If I had no knowledge of sin, I would not have such a strong sense of God's grace. That sense of God's grace comes through my reading of the Bible and through my own personal experience of God.

" ... the Anglican Church of Canada is being ruined by its attempts to 'play catch-up with the culture' by adpoting whatever 'is the in-thing.'" I think that what frustrates me the most about this statement is that it totally negates the years of study and meditation that I did when I came to support full inclusion. At first I didn't support it. Gradually, as I looked at the scriptures and meditated on what I had read and learned, I came to understand that God was calling us to continue to grow in our understanding of God's work in creation. Certainly if I was following the prevalent attitude of the society around me, I would continue to be against full-inclusion. I just had a discussion with one of my of my parishoners on the very issue last night well aware that I am a distinct minority in this particular community and within this diocese.

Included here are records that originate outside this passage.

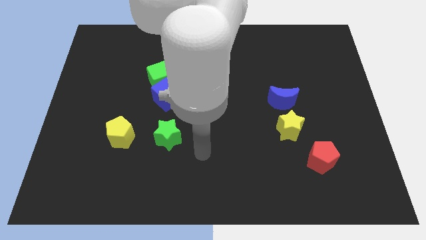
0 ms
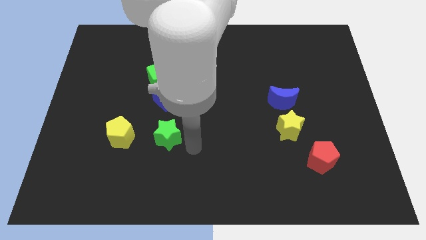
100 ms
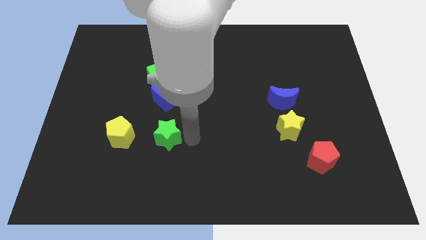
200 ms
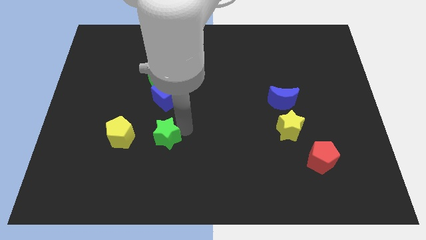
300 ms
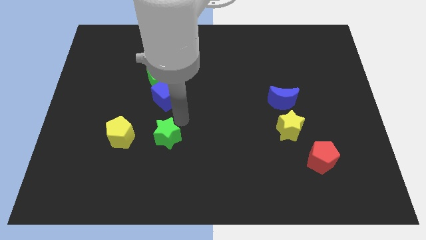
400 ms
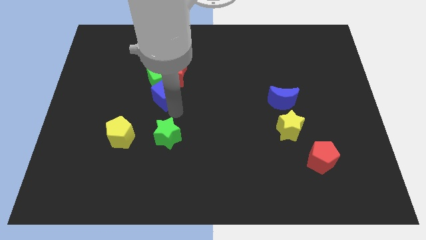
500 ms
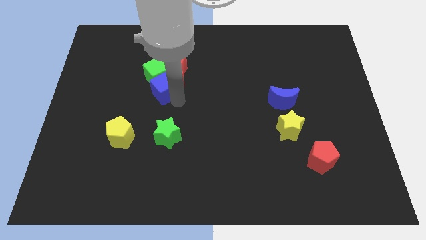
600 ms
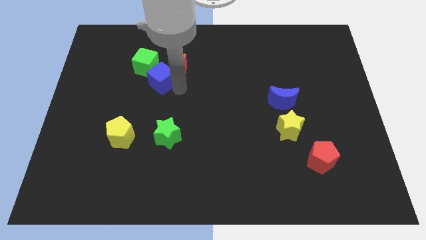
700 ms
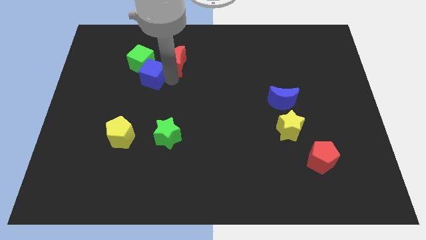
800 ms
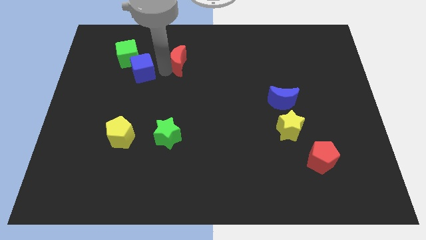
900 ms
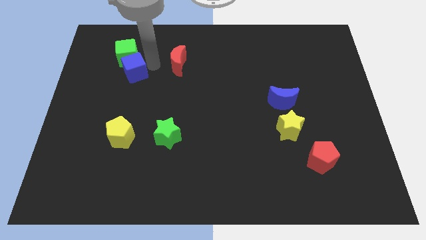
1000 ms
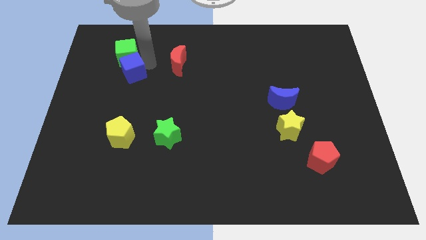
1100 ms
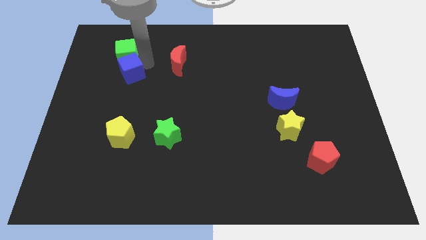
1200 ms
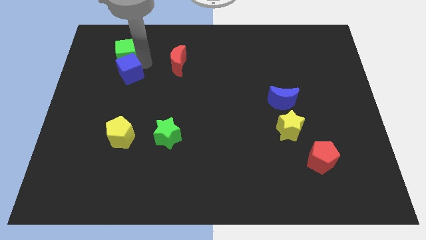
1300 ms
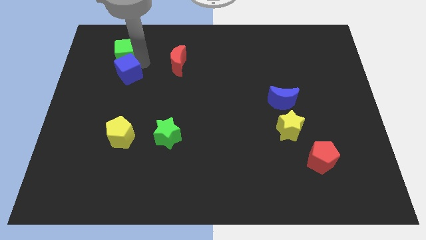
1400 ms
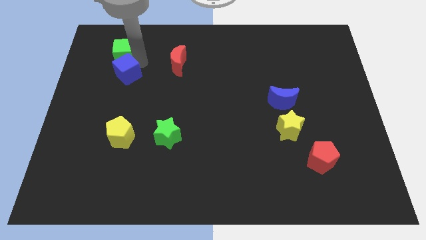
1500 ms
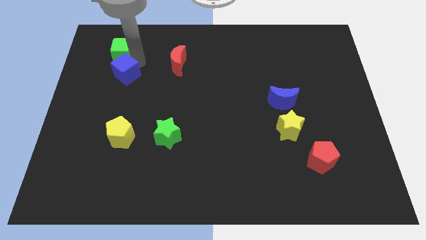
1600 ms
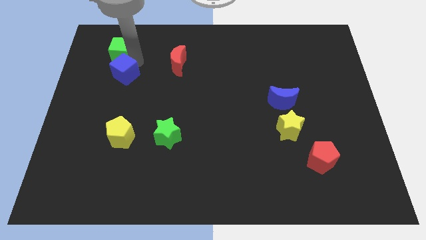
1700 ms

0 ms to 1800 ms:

I'm not adopting a whatever "is the in-thing" attitude. I'm very much bucking the in-thing around here. After all my years of studying, I find I cannot go back and embrace what is the "in-thing" in this community.

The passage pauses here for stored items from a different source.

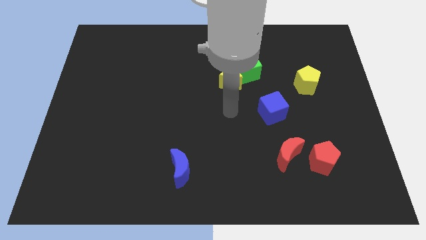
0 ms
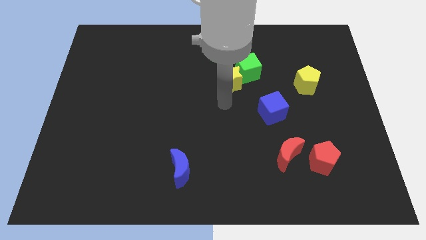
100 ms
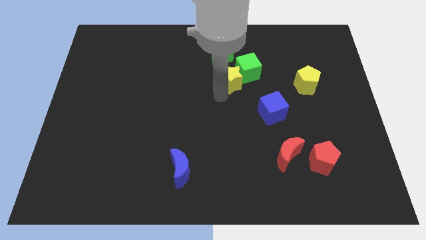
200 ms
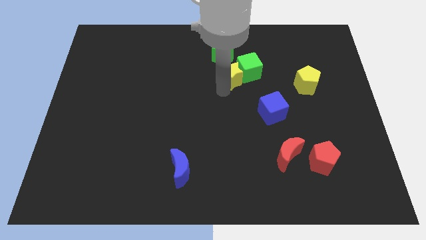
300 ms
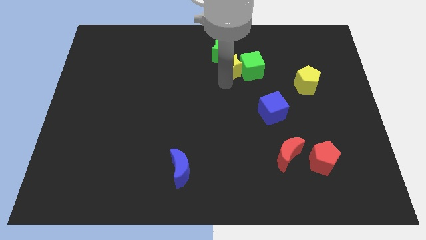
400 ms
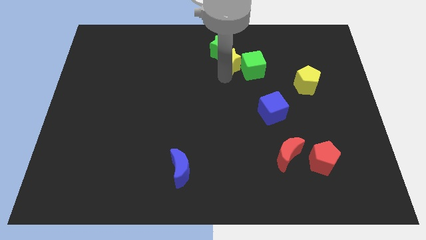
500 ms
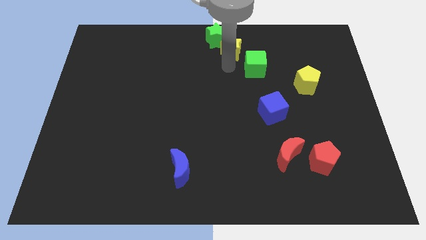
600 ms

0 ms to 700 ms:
pull the green cube apart from the yellow star and green star

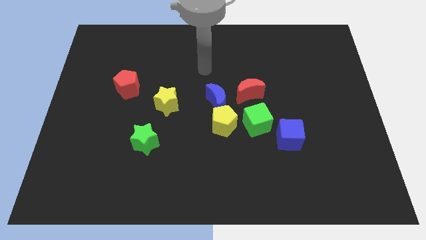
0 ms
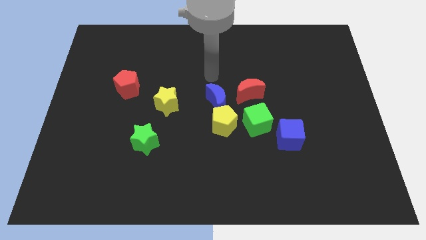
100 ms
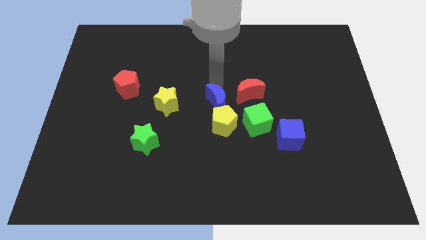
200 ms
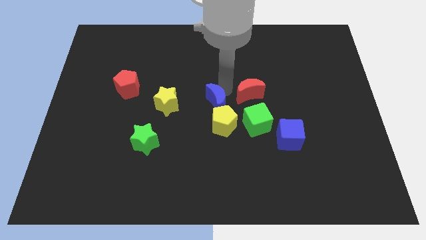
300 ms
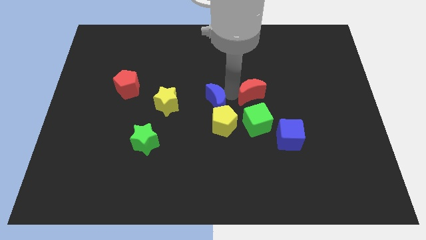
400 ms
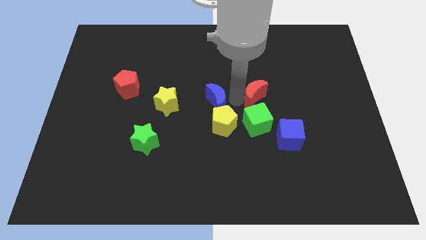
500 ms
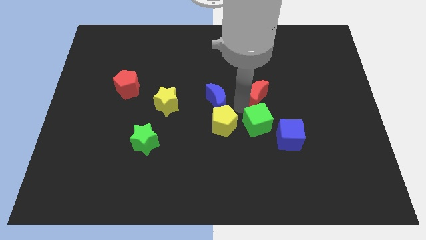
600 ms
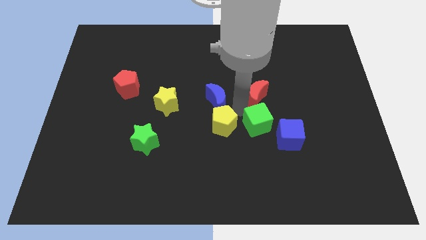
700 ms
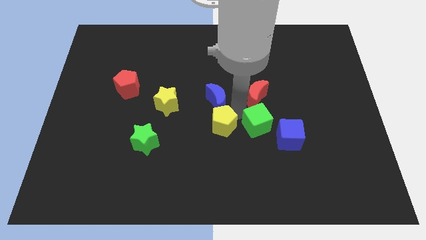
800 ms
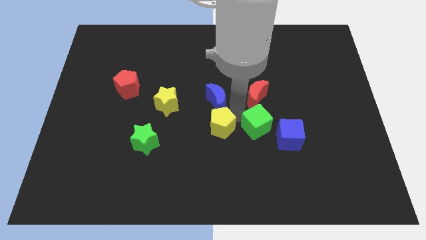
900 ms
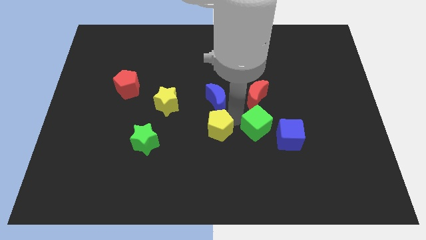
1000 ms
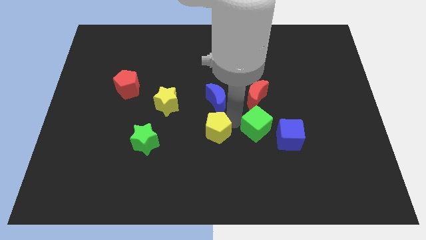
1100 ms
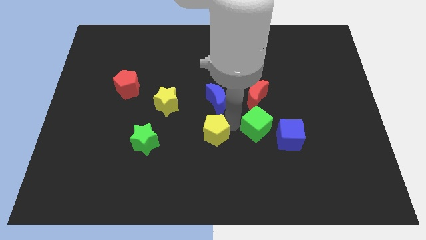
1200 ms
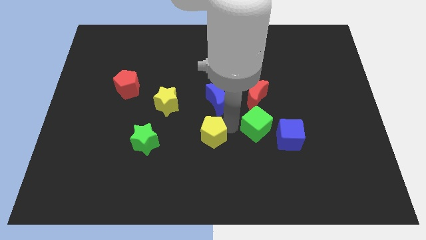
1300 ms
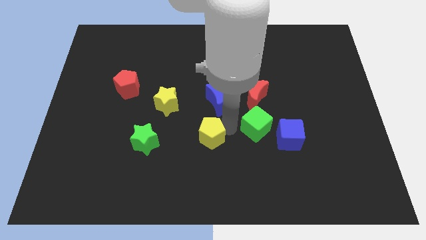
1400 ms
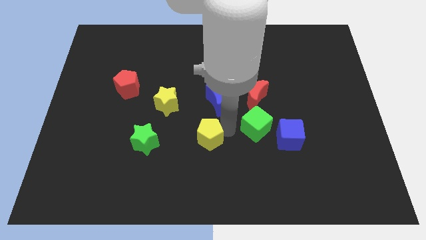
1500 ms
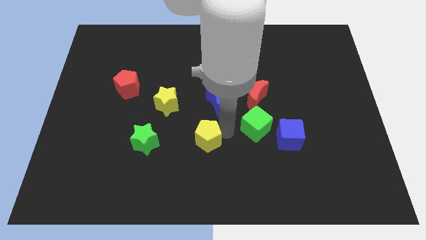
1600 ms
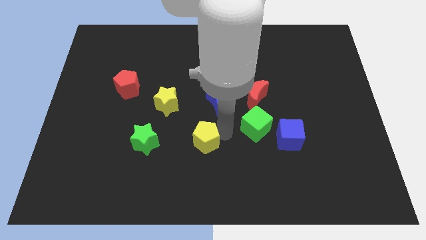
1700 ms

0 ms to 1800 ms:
move the yellow pentagon away from the blue moon and green cube

Considering all the flack those who support full-inclusion are getting from many different sources - the demonizing, the discounting, the threats of loss - of salvation, of connection, of communion - this has to be more than just going with the flow. It is certainly a hard road that we are travelling going against what many in our common faith hold to be true. We have to have the courage of our convictions, and that courage does not come by taking the scriptures or our faith lightly.

(The quotes in bold were from the article "Anglican Church divided over liberal theology" found in the Saskatoon Star Phoenix on Friday, November 23, 2007. It was written by Charles Lewis of CanWest News Service. (It probably also appears in the National Post as that is in brackets and italics at the bottom of the article.) The theologian quoted is J.I. Packer.)

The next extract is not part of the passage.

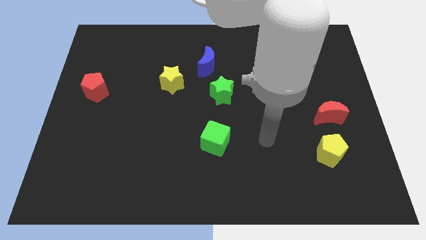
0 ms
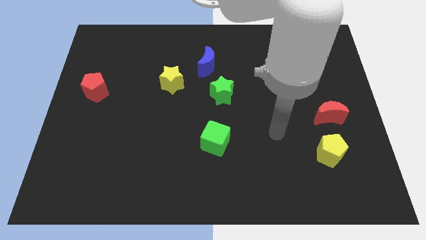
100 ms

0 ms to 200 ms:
move the red moon away from the yellow pentagon

(Update: I have now found a link . The article in the Star Phoenix only went as far as "Officlas said Thursday a new North American Anglican province, which would include Canadian and American parishes, is now being discussed. It did not include anything about Michael Ingham.)

I disagree with a number of the priests in this diocese on the issue of full-inclusion (but certainly not all as I am definitely not alone in my understanding), but at no time do I discount what they have to say or demonize them or their beliefs. I accept that there are different experiences, different teachings, different understandings of things as basic as our image of God, lying between. I do not discount or flick my hand at what they have to say. I listen seriously to their concerns and I do consider their conversations when I reflect on the scriptures and meditate on full-inclusion. I continue to disagree with them, but I don't blame them for what is happening.

I think that schism is enevitable because our very basic understandings cannot be reconciled. Maybe schism is life-giving for all of us, I don't know. I respect them for sticking to their convictions and holding on to their integrity. I am sorry that we cannot continue our journey together because I think we each hold a key to the mystery of God. But I cannot respect or accept the blame that is being placed on those like me. I cannot respect or accept the discounting of something I firmly and sincerely have come to hold true. I cannot respect or accept the continuous accusations of secularism and heresy and non-biblical teachings when I know that what I hold to be true has come from scripture and from prayer and meditation whose source is the very God they claim I do not acknowledge. At the base of everything I hold to be true is the source of all life, the source of all that is, the source of all that I am and all that I will come to be as I grow further into the knowledge and love of that source - what we, as Christians, call God.